---- Exercise input
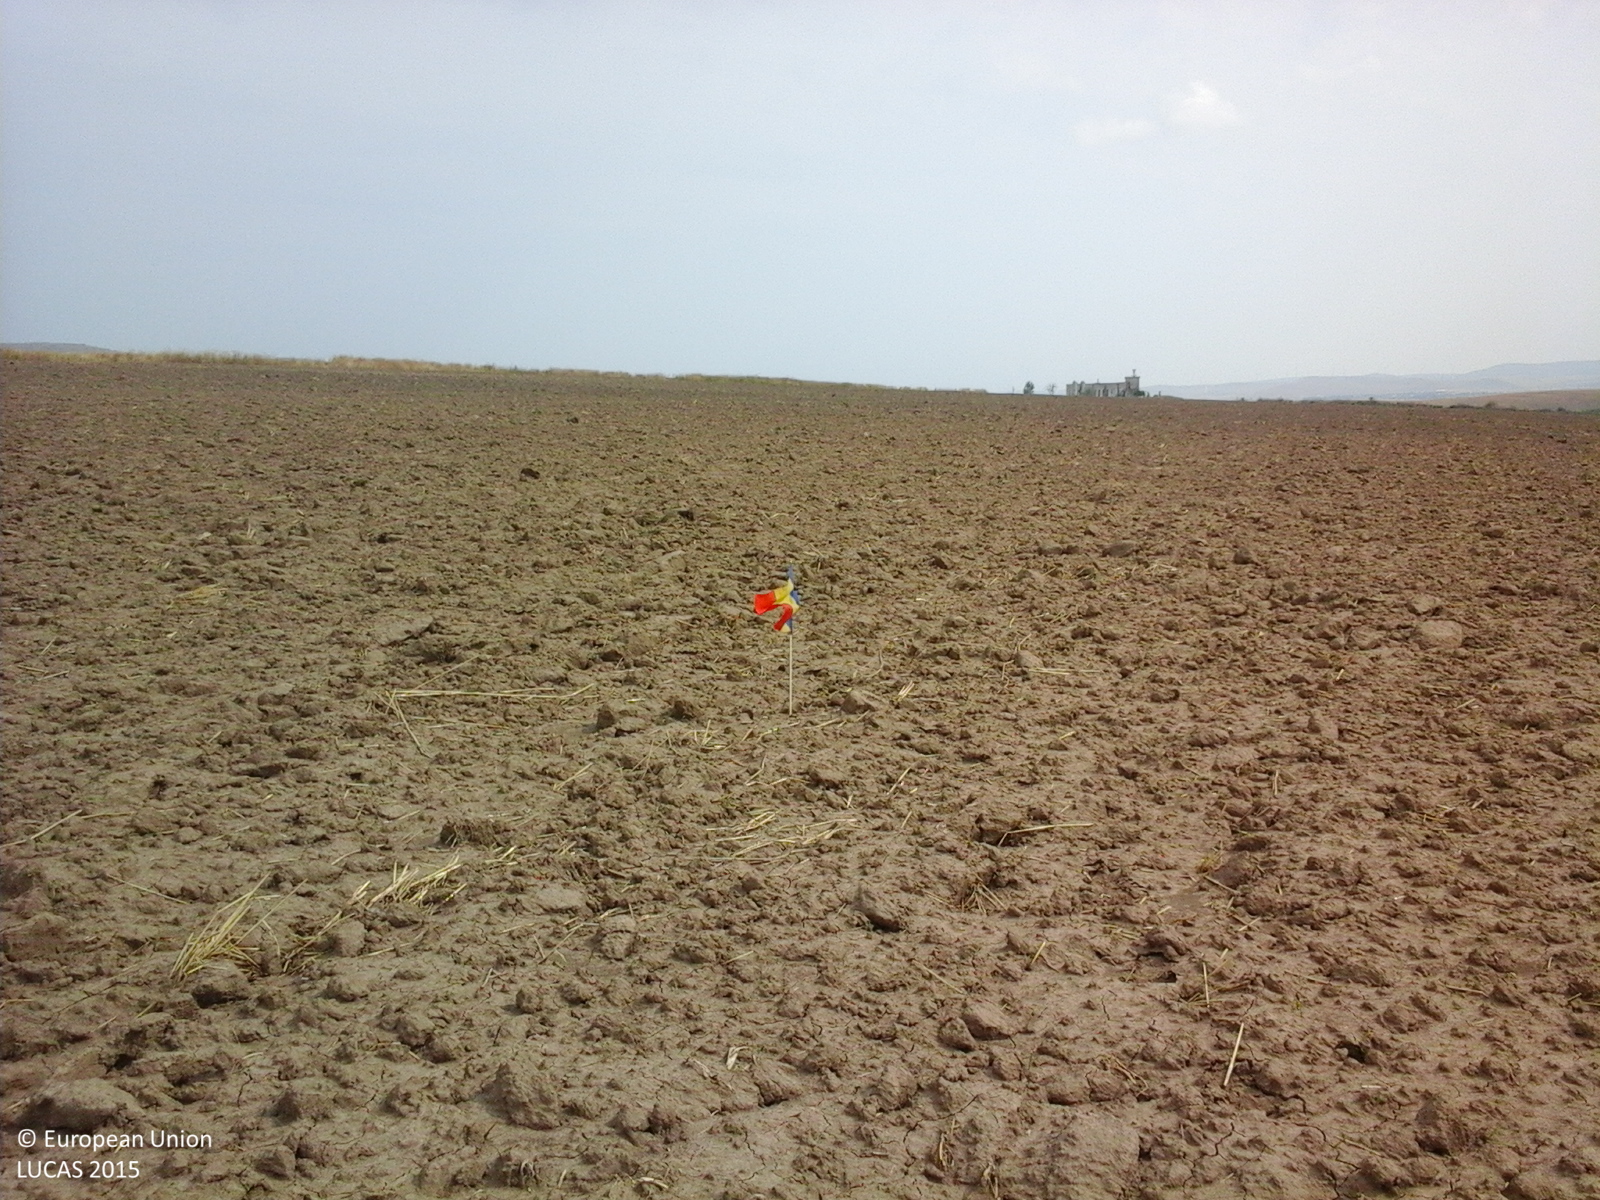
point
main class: Cropland
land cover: Oats
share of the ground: < 10 %
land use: Agriculture (excluding fallow land and kitchen gardens)
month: July
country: RO
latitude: 45.0241
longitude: 28.6506
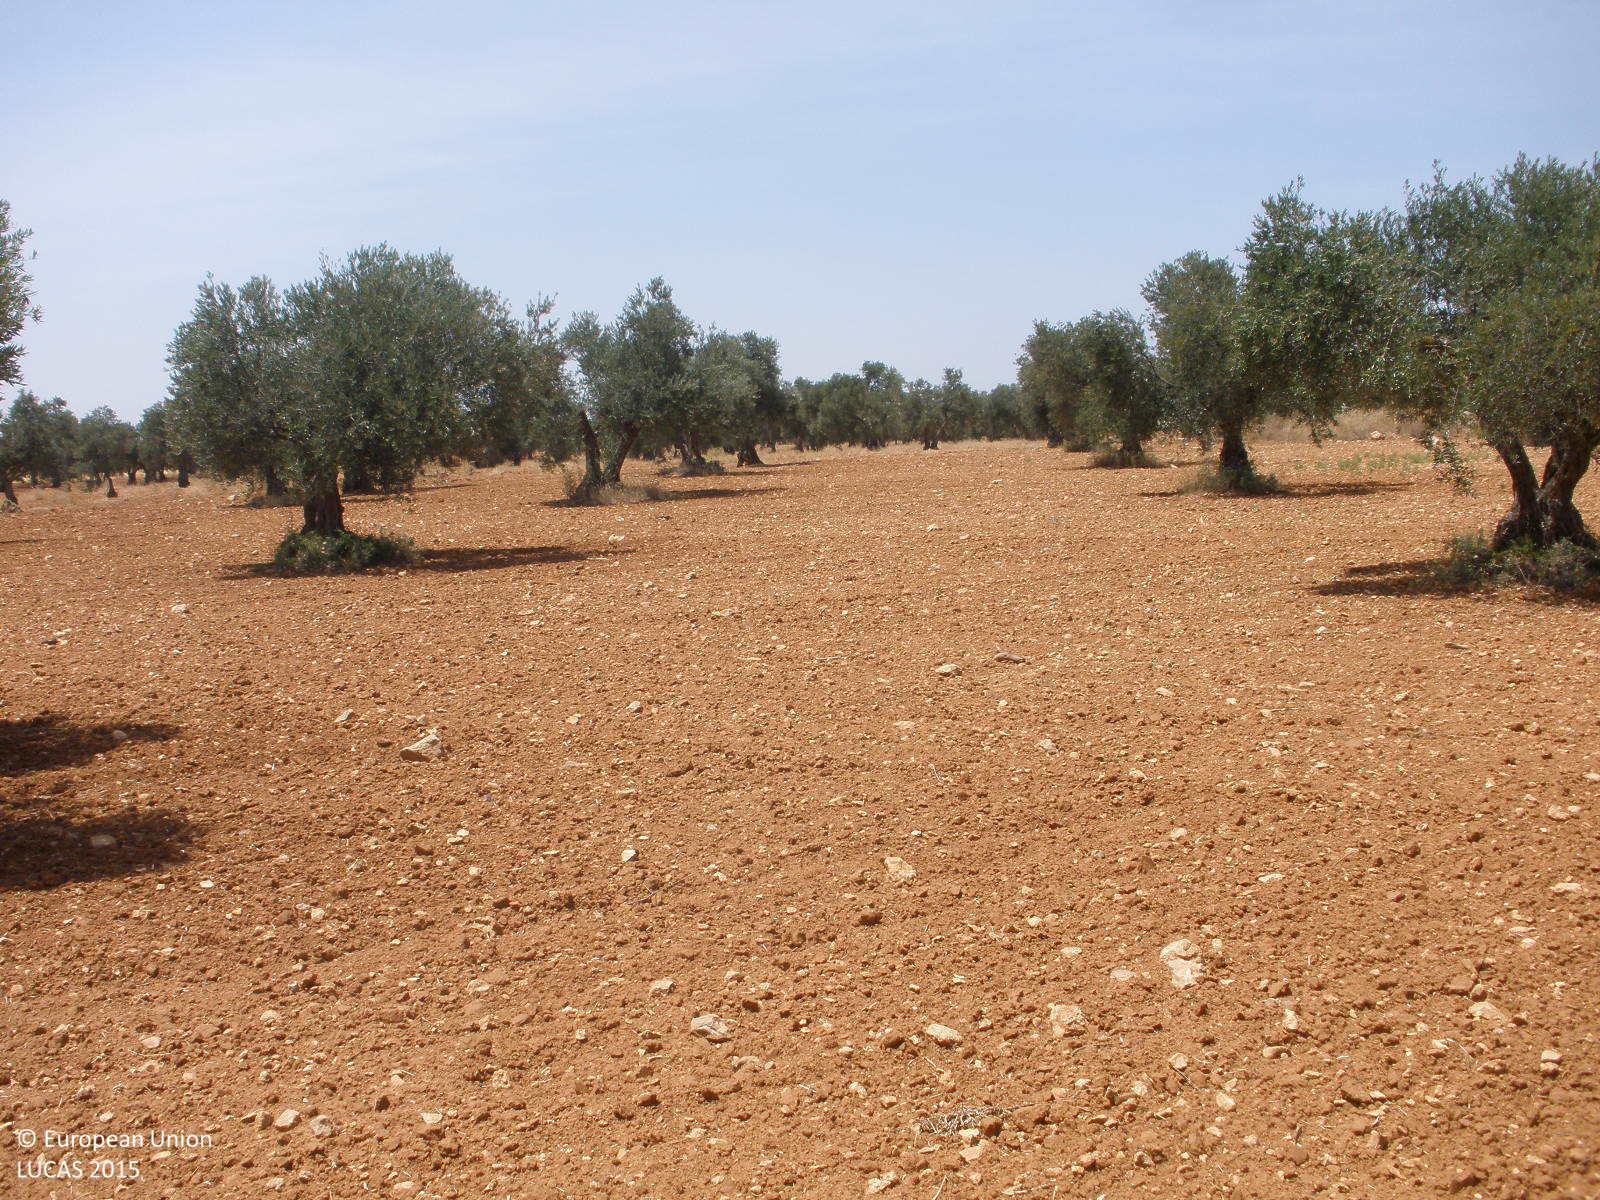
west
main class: Cropland
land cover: Olive groves
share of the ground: 25 - 50 %
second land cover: Other bare soil
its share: > 75 %
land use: Agriculture (excluding fallow land and kitchen gardens)
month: July
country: ES
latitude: 40.2285
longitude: -3.4889
--------
What is being asked: Could you copy every record exactly, without the pictures?

Response to this task:
point
main class: Cropland
land cover: Oats
share of the ground: < 10 %
land use: Agriculture (excluding fallow land and kitchen gardens)
month: July
country: RO
latitude: 45.0241
longitude: 28.6506
west
main class: Cropland
land cover: Olive groves
share of the ground: 25 - 50 %
second land cover: Other bare soil
its share: > 75 %
land use: Agriculture (excluding fallow land and kitchen gardens)
month: July
country: ES
latitude: 40.2285
longitude: -3.4889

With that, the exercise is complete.